As Dave wrote this morning, Lizzo won't be attending Bumbershoot tonight due to an infection: Will this be the infection that kills the festival? We'll find out! She's being replaced by some guys called "Hippie Sabotage." I can't decide if that means they're hippies who sabotage or they're people who like sabotaging hippies.

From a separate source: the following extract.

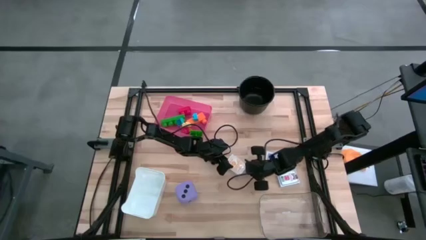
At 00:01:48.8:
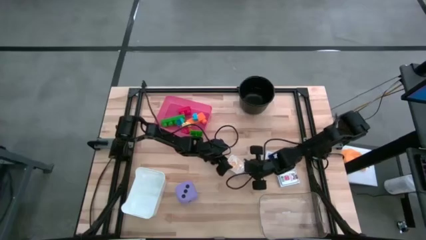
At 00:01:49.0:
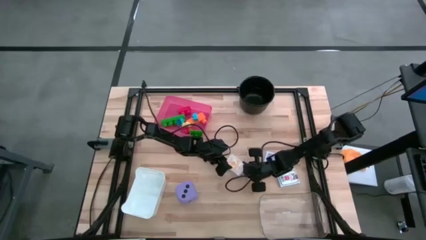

Anyhow, music calendar editor Kim Selling and Tech-Savvy/At-Risk Youth Grant Hendrix pointed out to me that Hippie Sabotage are known for "fighting security and venue staff at their shows." Check out how a Facebook commenter described one of their performances, via a 2016 Billboard article:

Hippie sabotage goes on stage telling the audience that “we are playing a hard set and if you dont like it, fuck you, go talk shit on facebook” people get weirded out and then HS continues to say “or stand there and be fucking weirdos” so sound guy comes up and tells him to chill out and to not mishandle the microphone, HS proceeds to talk shit more to the crowd and soundguy on the mic. soundguy mutes mic. HS throws a fit and tosses mics to the crowd. 3 of them. Soundguy tries to go on stage and gets stopped by the TM and shoved back by HS. Event organizer comes to tell them to chill. they say “fuck you”. event organizers ask security to remove them from stage and then this happened….. they get boo’d off stage and i told them “thats some looser shit” they try try to come fight me. security holds him back and he yells. “when you have 200k plays on soundcloud come talk to me” lmao. they get escorted off the festival immediately.

As Dave pointed out on Slack: "More like Hippie SELF Sabotage, amirite?"

Ending with this new promo vid from the Beacon: It's of their upcoming anime series, Anime Sunrise, starting next Sunday. I love this little theater.